REPUBLIKA.CO.ID, JAKARTA -- Tugas mewujudkan target nol emisi Indonesia menjadi semakin penting saat ini seiring upaya mengurangi dampak krisis iklim. Pemerintah harus memastikan bahwa peluang seperti Just Energy Transition Partnership (Kemitraan Transisi Energi Berkeadilan) dapat dimanfaatkan untuk mencapai tujuan global menjaga suhu bumi di bawah 1,5 derajat celcius di atas level pra-industri serta mewujudkan transisi energi yang adil dan merata bagi Indonesia.
"Ini adalah tantangan yang kompleks dan memiliki banyak sisi yang mengharuskan semua pemangku kepentingan bekerja sama menghasilkan solusi inovatif di berbagai bidang," ujar Menteri Energi dan Sumber Daya Mineral, Arifin Tasrif, saat peluncuran program pembelajaran aksi baru 'Happy Energy Action Leadership (HEAL): Energy Transition, Livelihood, Systems, and Blended Finance' di Bali.
Arifin menyebut HEAL tidak diragukan lagi akan membantu mempercepat upaya menngurangi dampak krisis iklim. "Saya berharap semua pemangku kepentingan yang relevan, baik lokal maupun internasional, akan berpartisipasi untuk menyukseskan program ini,” ujarnya.

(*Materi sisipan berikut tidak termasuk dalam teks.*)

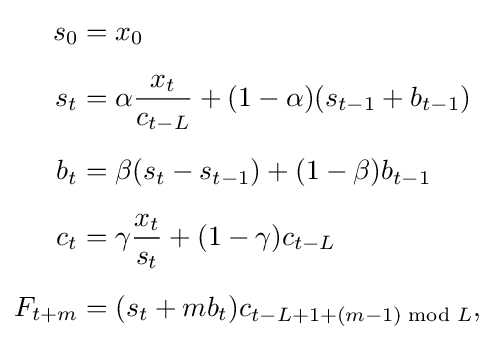
{\begin{aligned}s_{0}&=x_{0}\\[5pt]s_{t}&=\alpha {\frac {x_{t}}{c_{t-L}}}+(1-\alpha )(s_{t-1}+b_{t-1})\\[5pt]b_{t}&=\beta (s_{t}-s_{t-1})+(1-\beta )b_{t-1}\\[5pt]c_{t}&=\gamma {\frac {x_{t}}{s_{t}}}+(1-\gamma )c_{t-L}\\[5pt]F_{t+m}&=(s_{t}+mb_{t})c_{t-L+1+(m-1){\bmod {L}}},\end{aligned}}
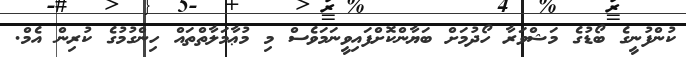
ކުންފުނީގެ ބޯޑުގެ މަޝްވަރާ ހޯދުމަށް ބަޔާންކޮށްފައިވީނަމަވެސް މި މުޢާމަލާތްތައް ހިންގުމުގެ ކުރިން އެމް.
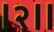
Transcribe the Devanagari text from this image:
।२॥
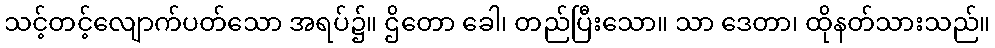
သင့်တင့်လျောက်ပတ်သော အရပ်၌။ ဌိတော ခေါ၊ တည်ပြီးသော။ သာ ဒေတာ၊ ထိုနတ်သားသည်။

United In Diversity Foundation bersama Rocky Mountain Institute memperkenalkan program HEAL. Peluncuran dilakukan pada dialog Global Blended Finance Alliance (GBFA) di G20 Bali yang dihelat Tri Hita Karana Forum dan World Economic Forum dalam rangka World Water Forum ke-10 di Bali.

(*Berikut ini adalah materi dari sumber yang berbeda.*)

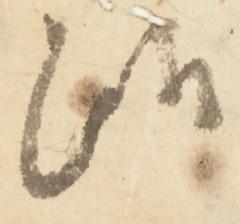
候
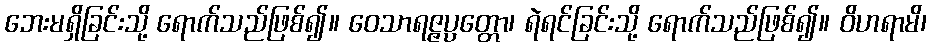
ဘေးမရှိခြင်းသို့ ရောက်သည်ဖြစ်၍။ ဝေသာရဇ္ဇပ္ပတ္တော၊ ရဲရင်ခြင်းသို့ ရောက်သည်ဖြစ်၍။ ဝိဟရာမိ၊
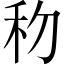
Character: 𥝢
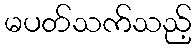
မပတ်သက်သည့်
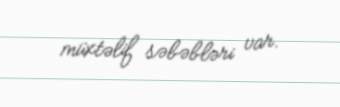
müxtəlif səbəbləri var.
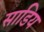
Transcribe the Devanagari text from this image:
साडिय
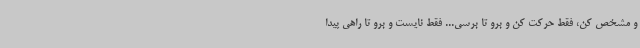
و مشخص کن، فقط حرکت کن و برو تا برسی... فقط نایست و برو تا راهی پیدا
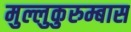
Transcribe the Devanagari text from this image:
मुल्लुकुरुम्बास
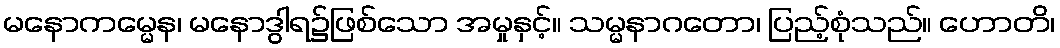
မနောကမ္မေန၊ မနောဒွါရ၌ဖြစ်သော အမှုနှင့်။ သမ္မနာဂတော၊ ပြည့်စုံသည်။ ဟောတိ၊

Menko Bidang Kemaritiman dan Investasi serta Tri Hita Karana co-host, Luhut Binsar Panjaitan, mengingatkan mata dunia kini tertuju ke Indonesia. Indonesia harus menjadi contoh sukses transisi energi yang adil, dengan menyeimbangkan pembangunan ekonomi, kesetaraan sosial, dan pemeliharaan lingkungan.
Menurutnya inisiatif seperti JETP perlu didukung oleh penyelarasan pemangku kepentingan yang sepadan, tidak hanya dalam hal teknis tetapi juga dalam membangun relasi antarinstitusi. "Oleh karena itu, saya mendorong negara-negara IPG, anggota GFANZ, kementerian dan lembaga, serta organisasi masyarakat sipil untuk bergabung dengan HEAL agar kita dapat menggunakan kesempatan ini untuk belajar bersama dalam menyelesaikan tantangan-tantangan yang ada,” katanya.
Menjelaskan motivasi program ini, Presiden United In Diversity dan Duta Besar Keliling Indonesia untuk Pasifik, Tantowi Yahya, mengatakan 36 tahun lalu terdengar seperti fiksi ilmiah membicarakan asisten kecerdasan buatan (AI) berukuran saku di tengah ancaman eksistensial lingkungan bagi umat manusia. Namun pada kenyataannya itulah realita sekarang.
"Dan kita masih belajar untuk memahami dan mengelola dampak dari gangguan tersebut terhadap tatanan masyarakat, demokrasi, budaya, dan masa depan kita,” ujarnya.
“Oleh karena itu, menatap ke depan 36 tahun menuju ambisi Indonesia mencapai nol emisi bersih pada 2060, sangat bijaksana bagi kita untuk mengantisipasi bahwa sektor energi akan mengalami gangguan yang tidak terpikirkan sebelumnya," katanya menambahkan.